Whether these weaknesses can be mostly or entirely fixed or are fundamentally ingrained in these models is an open question, according to one of the researchers.

“It's uncertain. Adversarial examples in vision have persisted for over a decade without a satisfactory solution, tweeted Zou, one of the authors, on July 27. “It's unclear if this will fundamentally restrict the applicability of LLMs. We hope our work can spur future research in these directions.”

SC Media has reached out to OpenAI and Meta for comment.

A Google spokesperson told SC Media the company continues to fine-tune its Bard Safety Classifier to better detect and respond to prompt injection attacks and has a dedicated red team in place that performs internal testing to identify and address new prompts that can bypass the rules built into Bard.
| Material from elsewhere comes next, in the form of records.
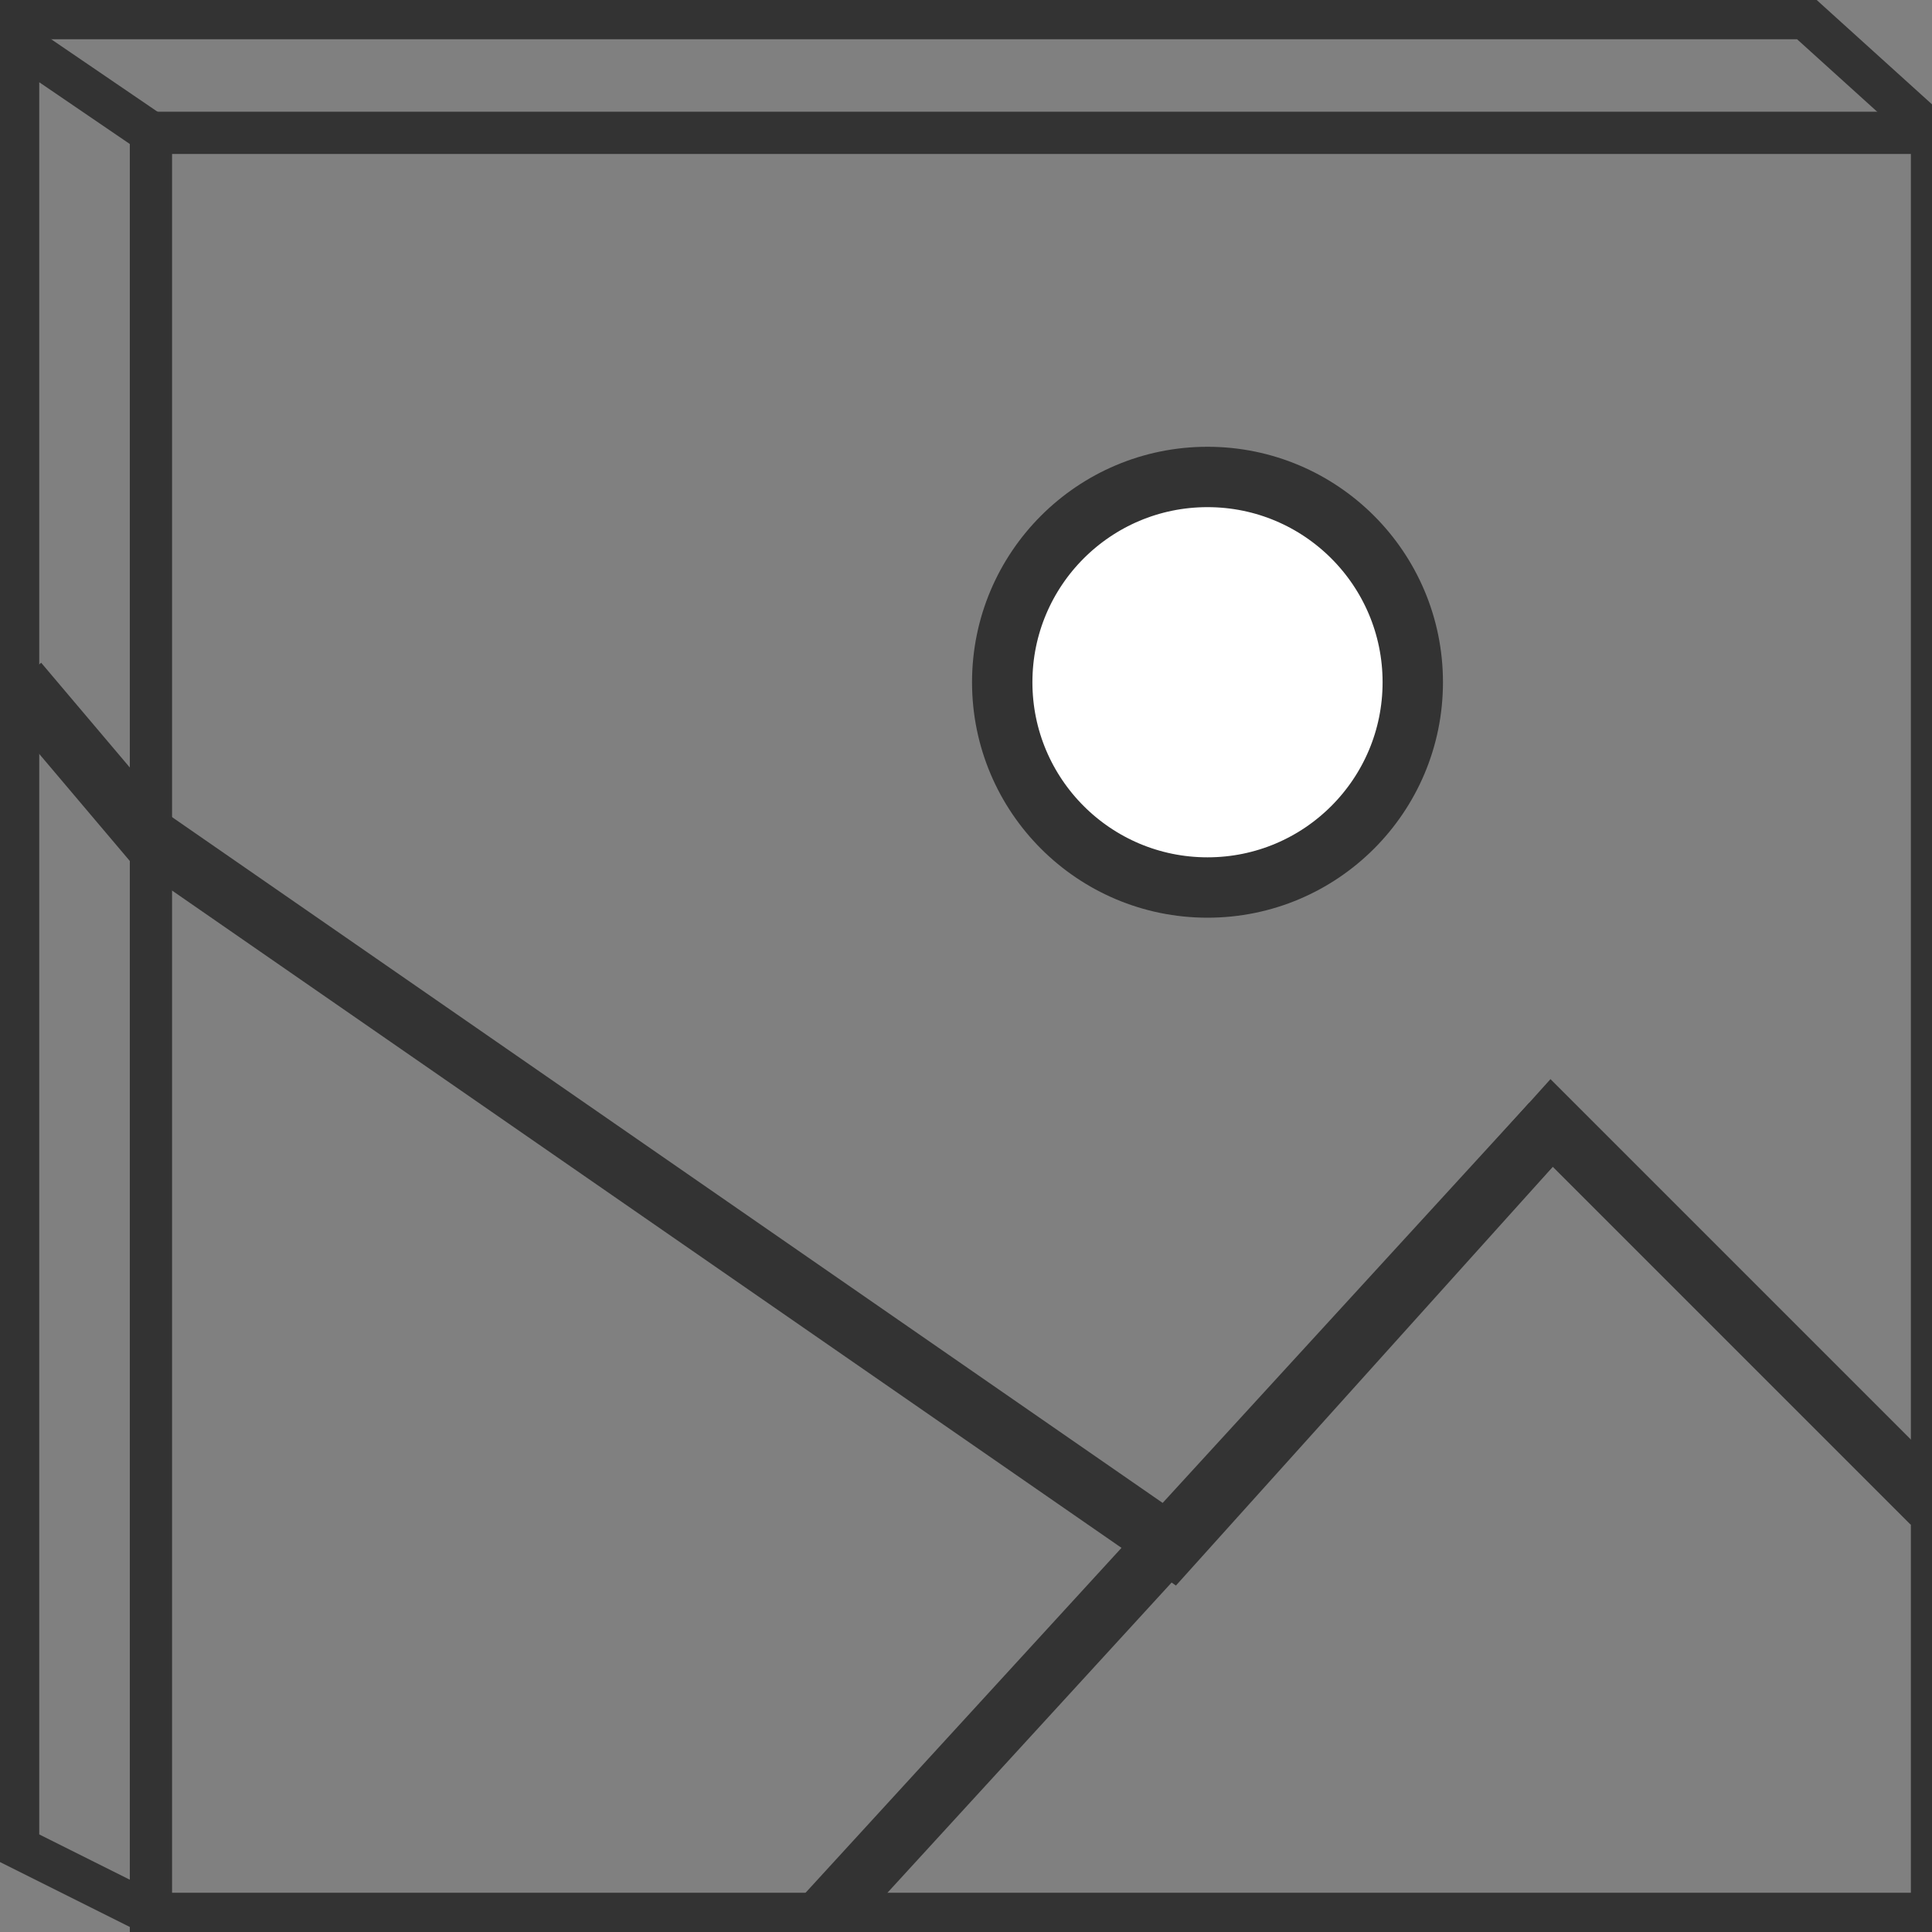 <?xml version="1.0" encoding="utf-8"?>
<!-- Generator: Adobe Illustrator 27.7.0, SVG Export Plug-In . SVG Version: 6.00 Build 0)  -->
<svg version="1.1" id="Layer_1" xmlns="http://www.w3.org/2000/svg" xmlns:xlink="http://www.w3.org/1999/xlink" x="0px" y="0px"
	 viewBox="0 0 32 32" style="enable-background:new 0 0 32 32;" xml:space="preserve">
<rect x="0" y="0" width="32" height="32" fill="#808080" stroke="none"/>
<style type="text/css">
	.st0{fill:none;stroke:#333333;stroke-width:0.7;stroke-miterlimit:10;}
	.st1{fill:none;stroke:#333333;stroke-miterlimit:10;}
	.st2{fill:#FFFFFF;stroke:#333333;stroke-miterlimit:10;}
</style>
<rect x="2.5" y="2.2" class="st0" width="29.5" height="29.5"/>
<polyline class="st1" points="32,24.9 25.7,18.6 19.4,25.6 2.5,13.9 0.3,11.3 "/>
<line class="st1" x1="25.7" y1="18.6" x2="13.7" y2="31.7"/>
<polyline class="st0" points="2.5,31.7 0.3,30.6 0.3,0.7 2.5,2.2 "/>
<polyline class="st0" points="32,2.2 29.9,0.3 0,0.3 "/>
<path class="st0" d="M1.8,14.6"/>
<circle class="st2" cx="20" cy="11.3" r="3.4"/>
</svg>

“We conduct rigorous testing to make these experiences safe for our users, including training the model to defend against malicious prompts and employing methods like Constitutional AI to improve Bard’s ability to respond to sensitive prompts,” the spokesperson said in an emailed response to questions. “While this is an issue across LLMs, we've built important guardrails into Bard – like the ones posited by this research – that we'll continue to improve over time."

Security community unprepared for LLM risks

In the cybersecurity space, LLMs have provided a playground for security researchers, both to find interesting ways to support defenders — like writing malware detection rules or mapping out a vulnerability’s likely impact — as well as breaking through the restraints put in place by their owners and discover new ways to use it for malicious purposes.

Chloé Messdaghi, head of threat research at Protect AI, a startup focused on artificial intelligence and machine learning security that just took in $35 million in Series A funding from investors this week, told SC Media that the Carnegie Mellon University paper and its conclusions demonstrate how the security community is probably “not prepared” to evaluate some of the risks that come with emerging LLMs as they are integrated into society.

Another ProtectAI researcher, Dan McInerney, said while he does believe the owners of these models could do more to reduce the attack surface around prompt injection attacks, the current approach to building guardrails sensitive or controversial questions is “almost pointless” because of how easily they can be circumvented. Additionally, these models are — by design — meant to draw from already available open source data, meaning anyone who wanted to learn to build a bomb can do so relatively easily.

The way AI companies have been responding to these flaws seems to be as much about protecting their own brand and reputation with the public and regulators as it is about finding a durable solution to the problem.

“At the end of the day, curiosity is always going to exist. As long as there is curiosity around the world, there’s always going to be these issues” with AI, said Messdaghi.